Notice that each tterm, each product of 3 matrix elements, represents each row once and each column once. We don't go straight down or straight across, we multiply along diagonal lines. For the 3×3 case, there are 6 ways to do this, hence 6 terms in the formula. Choose any entry from the first row and mark that column as "used". Then choose an enttry from the second row, avoiding the used column. Mark that column used, and in the third row, there is only one entry available. That's 3×2×1 or 6 combinations.

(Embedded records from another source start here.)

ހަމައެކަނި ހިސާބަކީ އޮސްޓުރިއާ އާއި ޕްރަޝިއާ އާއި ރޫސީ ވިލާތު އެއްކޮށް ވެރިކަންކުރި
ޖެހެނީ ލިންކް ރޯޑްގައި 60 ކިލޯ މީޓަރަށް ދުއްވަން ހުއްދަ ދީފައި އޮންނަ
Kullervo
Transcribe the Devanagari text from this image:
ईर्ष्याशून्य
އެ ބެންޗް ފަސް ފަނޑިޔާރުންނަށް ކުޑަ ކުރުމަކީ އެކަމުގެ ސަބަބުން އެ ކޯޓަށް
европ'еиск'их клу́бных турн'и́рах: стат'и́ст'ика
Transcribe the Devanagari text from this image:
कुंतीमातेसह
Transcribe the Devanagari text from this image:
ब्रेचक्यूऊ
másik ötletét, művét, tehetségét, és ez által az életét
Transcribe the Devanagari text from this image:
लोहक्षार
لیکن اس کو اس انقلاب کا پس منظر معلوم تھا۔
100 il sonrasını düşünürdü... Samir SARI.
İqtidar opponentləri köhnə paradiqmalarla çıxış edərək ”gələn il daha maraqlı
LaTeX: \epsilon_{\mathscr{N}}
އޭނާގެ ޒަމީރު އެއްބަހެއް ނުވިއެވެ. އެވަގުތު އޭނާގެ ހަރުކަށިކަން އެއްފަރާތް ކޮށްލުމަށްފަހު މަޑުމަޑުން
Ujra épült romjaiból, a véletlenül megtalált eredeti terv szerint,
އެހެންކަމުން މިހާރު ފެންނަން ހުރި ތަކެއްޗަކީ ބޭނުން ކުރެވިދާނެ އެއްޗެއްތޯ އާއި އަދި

If you write down the numbers of the columns, in the order they are "used" by the rows, you'll find a permutation on the numbers 1 through n. Each product is associated with one of these permutations. The product is negated when the permutation is odd. At least that's how it looks in the 3×3 case.
If we derive a formula for the determinant of a 4×4 matrix, it will have 24 terms, each term a product of 4 entries according to a permutation on 4 columns. Half the terms are negated, according to the parity of the permutations. A 5×5 matrix gives a formula with 120 terms, and so on. This quickly becomes impractical, but let's prove it anyways.

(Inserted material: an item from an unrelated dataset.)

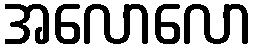
အလောလော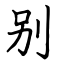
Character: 别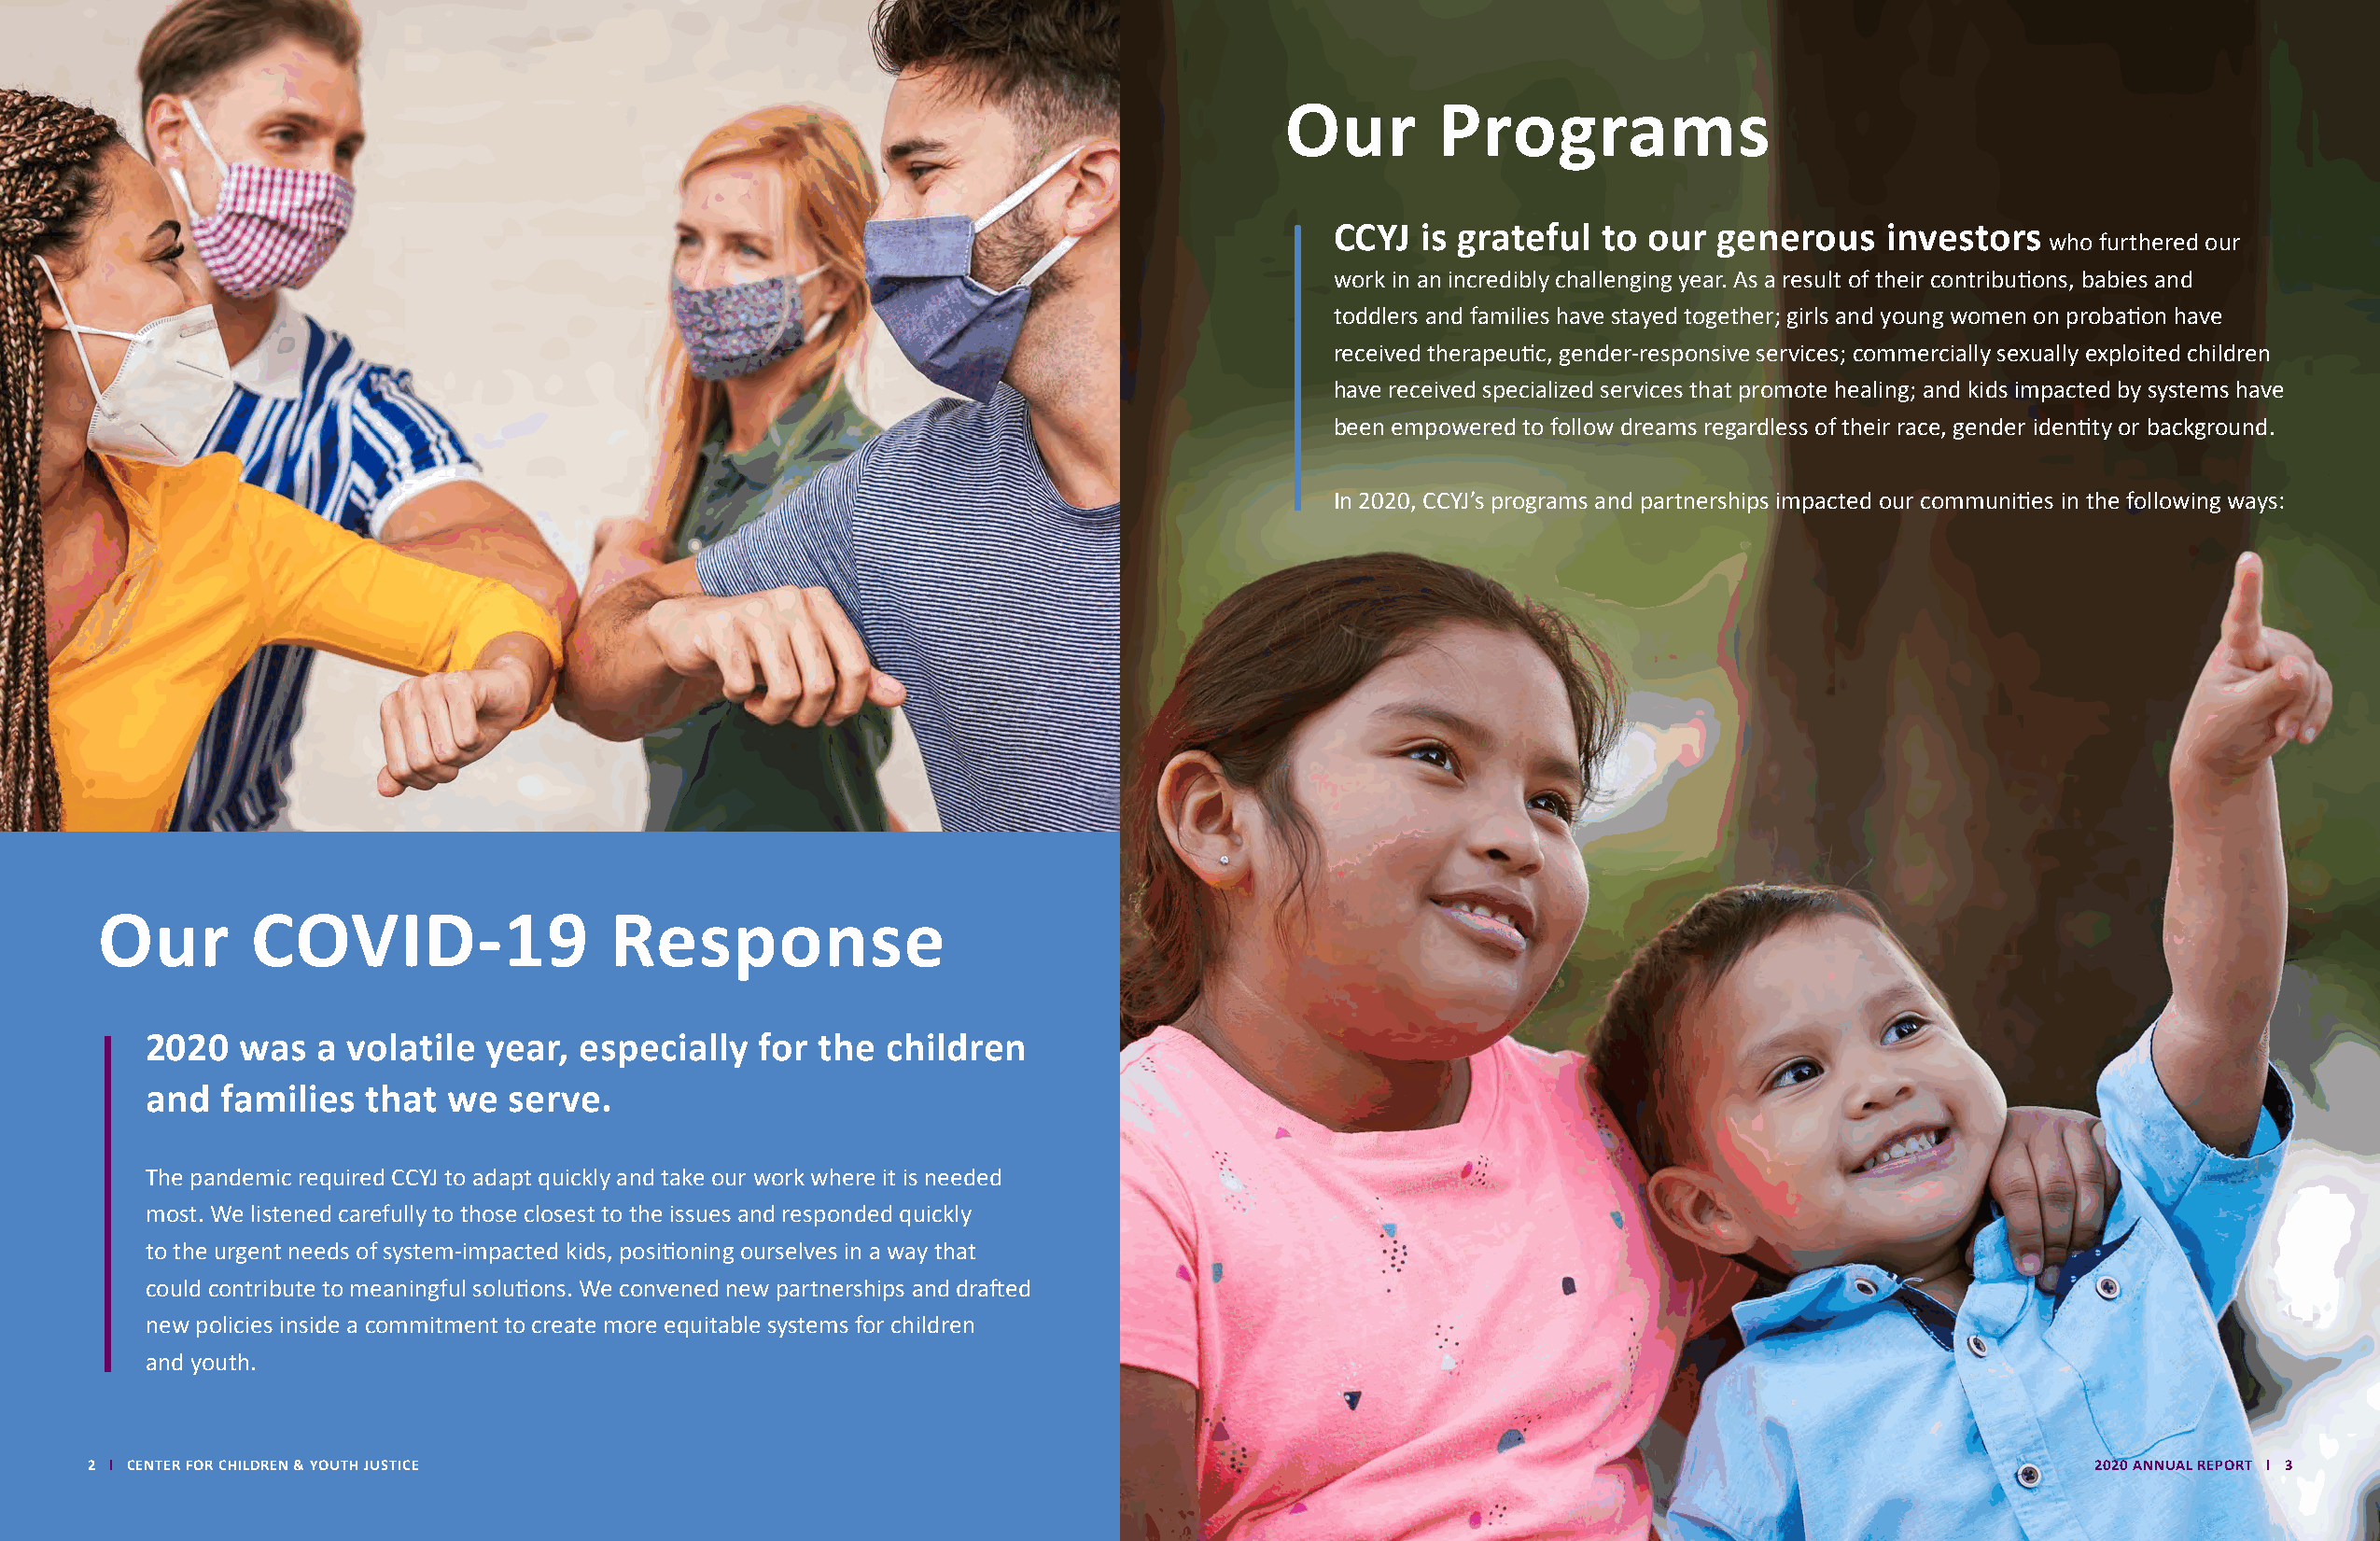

Let det2(M) be the sum of all permutation products, where a product is negated when its associated permutation is odd. This definition agrees with det1 for n = 1, 2, and 3. Proceed by induction on n.
Given an n×n matrix, delete the first row and jth column, and write the subdeterminant as a sum of permutation products. For each permutation, add 1 to each column number that is j or larger. We are pushing them over to make room for column j. Now place j at the beginning of these permutations. After all, det1 says to multiply the subdeterminant by the entry in row 1 column j. Have we changed the parity of the permutation by putting j in front? Only if an odd number of transpositions are needed to move j from its home in position j, to the front in position 1. This happens only when j is even. When j is 4, swap it with 3 2 and 1 to move it to the front, giving 3 transpositions. The remaining numbers, 1 through j-1 and j+1 through n, are permuted as before, with their preexisting parity. As if in confirmation, det1 tells us to negate the product precisely when j is even. The application of det1(M) produces det2(M). The two formulas are equivalent.